If you are reading this - it is likely because you have been scouring the web for details about the emerging Next.Js vulnerability that has everyone wondering... am I affected? Unless you are a glutton for the detailed technical write-ups... it is probably unclear. Ideally by the end of this read, readers of varying technical levels will be at least a bit more informed, and more importantly, they understand what they can do moving forward.
To get started - let me introduce myself. My name is Nick Aures and I am a Senior Penetration Tester here at Sprocket Security. I have been a Penetration Tester for around 7 years and spent almost 8 years in varying Information Technology roles ranging from Help Desk to Network Administrator. When joining Sprocket Security at the end of 2024, it was clear that I would have 1 major goal here... to take the methods I had been using for traditional Time Box Penetration Testing, and to find ways to scale them across a fleet of existing clients. It is worth noting that this is where our Attack Surface Management (ASM) platform provides great benefit to our clients and to our in-house Penetration Testers, like myself, who provide a Continuous Penetration Testing service!
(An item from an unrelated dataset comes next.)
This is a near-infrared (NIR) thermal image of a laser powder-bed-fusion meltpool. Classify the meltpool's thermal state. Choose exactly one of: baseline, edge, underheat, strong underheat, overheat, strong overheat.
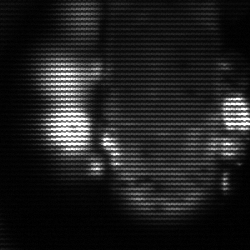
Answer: strong underheat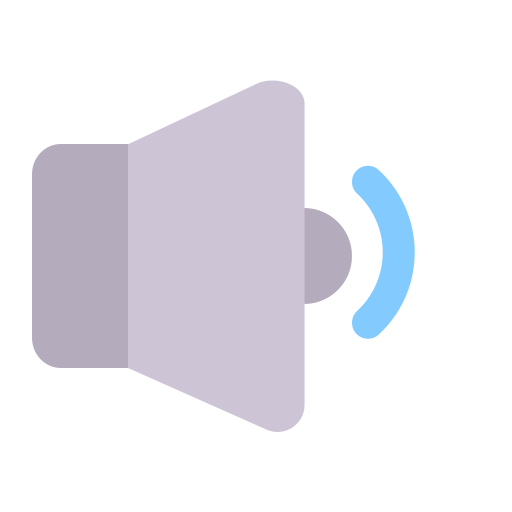
speaker  volume flat

We (the testers) can quickly scoop assets out of ASM whom we know are likely to have this type of vulnerability or are at a minimum are good assets to target based on several signatures we look for in the ASM data.
Certain vulnerabilities tend to every so often make a little more noise in the cyber-media landscape than others. Moving into this final full week of March 2025, CVE-2025-29927 certainly has fallen into that category. The shortest possible explanation we can come up with here is:
- Affects Self-Hosted Next.js applications which are insecurely using Middleware
- The details and root cause are fairly technical; however the actual attack is NOT
- The general concept for the vulnerability is a "Middleware bypass"
- The outcome, if vulnerable, depends specifically on what the Middleware that has been bypassed is responsible for doing. In worst case scenarios so far, this appears to be bypassing Authentication checks.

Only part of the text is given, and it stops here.